El éxito del relato de su vida impulsa a J. D. Vance hasta ser elegido por Trump como su candidato a vicepresidente

‘Hillbilly’, unas memorias que valen un billete para la Casa Blanca

Cartel de la película inspirada por la obra de J. D. Vance, dirigida por Ron Howard. | Netflix España

Resulta complicado traducir el término «hillbilly». Demasiado estadounidense. En sentido estricto, describe a la población de una zona geográfica, la de los Apalaches. Más ampliamente, significa algo así como garrulo de las montañas. Un perdedor nato que Los Simpsons, esa enciclopedia de arquetipos made in USA, ilustra con la familia de Cletus Spuckler: primitivos, malhablados, dados al incesto y al whisky de garrafa. Pero la rueda ha girado.

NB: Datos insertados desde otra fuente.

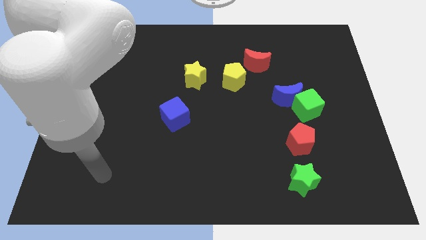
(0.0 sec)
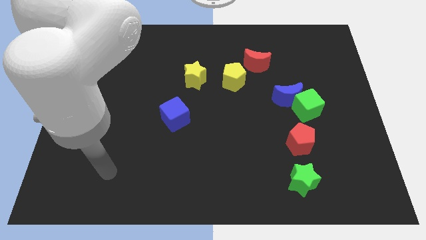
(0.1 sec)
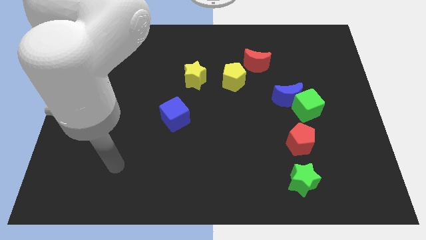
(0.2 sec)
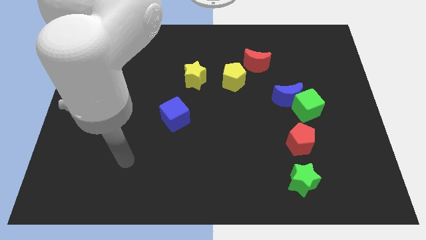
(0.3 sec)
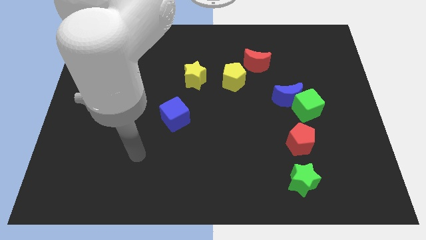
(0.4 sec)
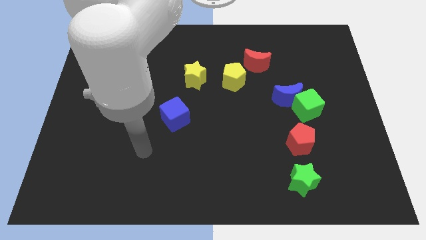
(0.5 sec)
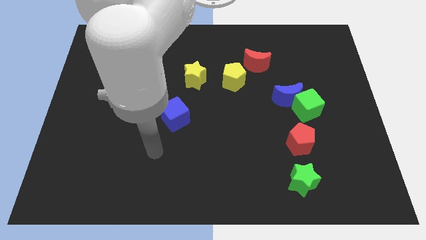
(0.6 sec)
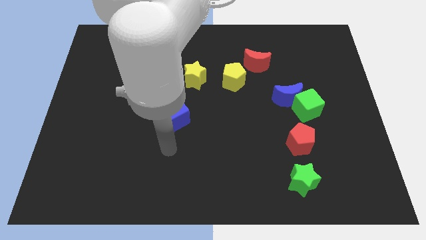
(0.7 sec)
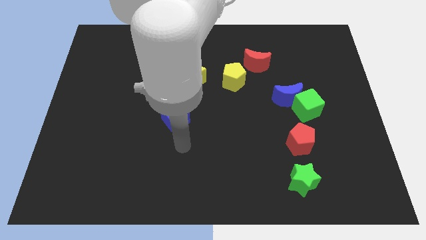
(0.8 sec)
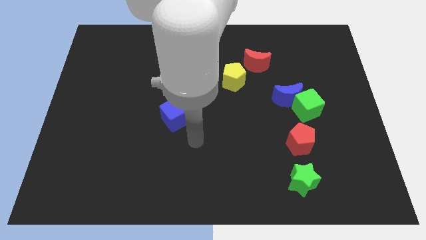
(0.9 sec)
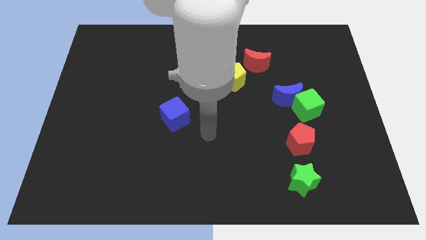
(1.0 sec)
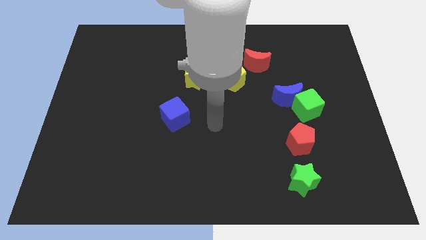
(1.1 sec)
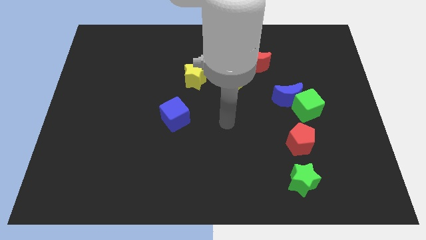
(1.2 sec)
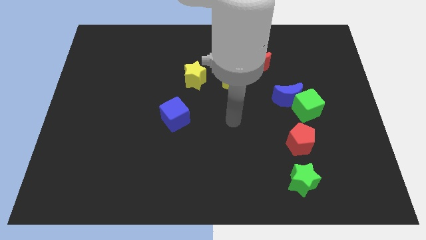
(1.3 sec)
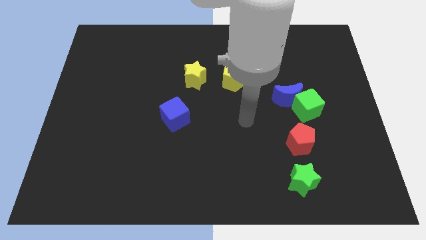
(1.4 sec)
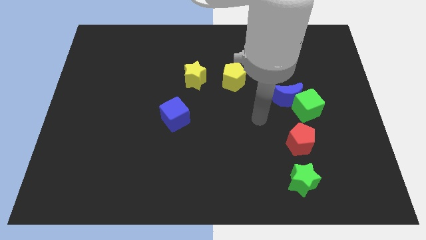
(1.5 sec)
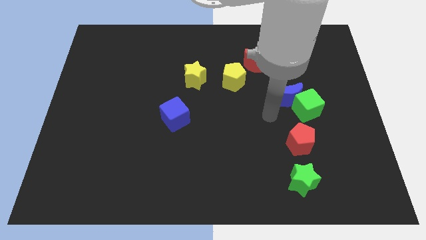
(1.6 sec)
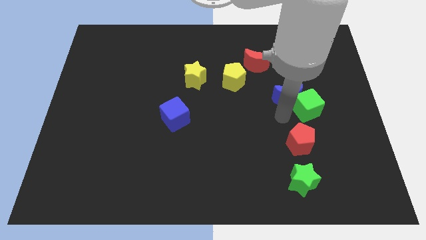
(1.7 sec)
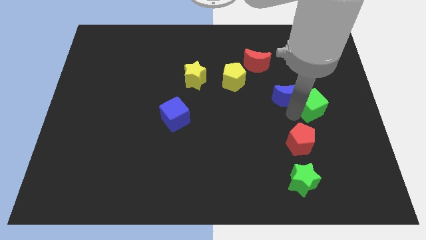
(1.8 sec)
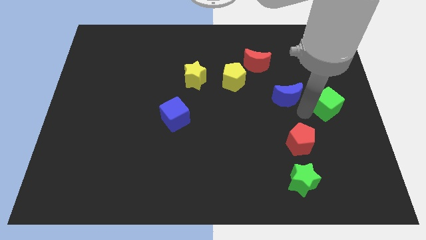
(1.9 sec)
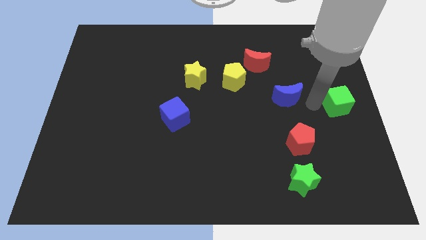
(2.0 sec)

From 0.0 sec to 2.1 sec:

J. D. Vance (Middletown, Ohio, 1984) ha sido elegido por Donald Trump como candidato a la vicepresidencia en su ticket electoral, lleva a gala su pertenencia a esa cultura.

Es más, la popularidad que le ha llevado a tales alturas se cimenta en su libro Hillbilly, una elegía rural (Deusto), que lleva vendidas más de 1,6 millones de copias desde su publicación en 2016. El subtítulo, Memorias de una familia y una cultura en crisis, describe el doble propósito del libro. Su columna vertebral se estructura a partir de la biografía de Vance: la infancia y adolescencia a medio camino entre el Ohio industrial de su vida diaria y el Kentucky ancestral de las vacaciones y los fines de semana; la maduración en el ejército y la universidad, y el improbable éxito desde el que escribe. Alrededor, un intento por comprender cómo diablos ha conseguido «algo que al J. D. Vance de 13 años le habría parecido absurdo».

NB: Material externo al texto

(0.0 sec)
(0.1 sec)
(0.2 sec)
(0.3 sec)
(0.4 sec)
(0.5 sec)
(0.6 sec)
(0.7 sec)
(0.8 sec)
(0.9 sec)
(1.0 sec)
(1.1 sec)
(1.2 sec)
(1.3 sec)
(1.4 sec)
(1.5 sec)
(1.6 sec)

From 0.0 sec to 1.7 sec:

Aunque el texto aparece trufado de sociología, con citas de estudios académicos y manuales, lo que lo convirtió en un best seller fue su músculo narrativo. «La gran novela americana del año no es una novela», reza en la solapa de una de sus ediciones. Ya explicamos por aquí la importancia del concepto de Gran Novela Americana para los estadounidenses. Desde mediados del siglo pasado, su eficacia popular se incrementa, además, por las adaptaciones audiovisuales. En este caso, se ha encargado Netflix, que sacó en 2020 una película con nada menos que Ron Howard a los mandos y Glen Close en el papel estelar de la abuela de J.D.

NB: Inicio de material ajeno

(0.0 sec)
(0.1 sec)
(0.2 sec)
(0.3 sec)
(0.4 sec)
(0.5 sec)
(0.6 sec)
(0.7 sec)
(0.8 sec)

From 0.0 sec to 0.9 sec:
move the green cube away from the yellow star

El núcleo argumental de la historia tiene que ver, por supuesto, con el sueño americano. Pero visto desde el otro lado: el de quienes ya apenas creen en él. «Yo crecí siendo pobre en el Cinturón del Óxido, en un pueblo acerero de Ohio que ha estado perdiendo puestos de trabajo y esperanzas desde que tengo memoria. Por decirlo suavemente, tengo una relación compleja con mis padres, y mi madre ha luchado contra las adicciones durante casi toda mi vida. Mis abuelos, ninguno de los cuales acabó la educación secundaria, me educaron, y sólo algunos parientes lejanos fueron a la universidad. Las estadísticas dicen que los chicos como yo tienen un futuro lúgubre; que si tienen buena suerte lograrán no depender de las prestaciones sociales, y que si tienen mala suerte morirán de una sobredosis de heroína».

A los hillbillies se les suele encuadrar en otra categoría más amplia de americanos, la «white trash». Este término, más fácilmente traducible como «basura blanca», bebe básicamente de la idea de que no hay nada más humillante que ser blanco y pobre: no tienes la excusa de ser negro. Aunque no sea muy políticamente correcto reconocerlo, eso, en EE UU, te hunde. Normal que quienes conviven con el sanbenito tengan la susceptibilidad a flor de piel. Normal que se indignaran cuando la entonces candidata (supuestamente) de izquierdas Hillary Clinton aprovechó un hueco entre sus millonarias reuniones con los banqueros y los cócteles con la progresía intelectual para llamarlos «deplorables» por pasar de ella hasta el punto de apoyar a un tipo como Donald Trump.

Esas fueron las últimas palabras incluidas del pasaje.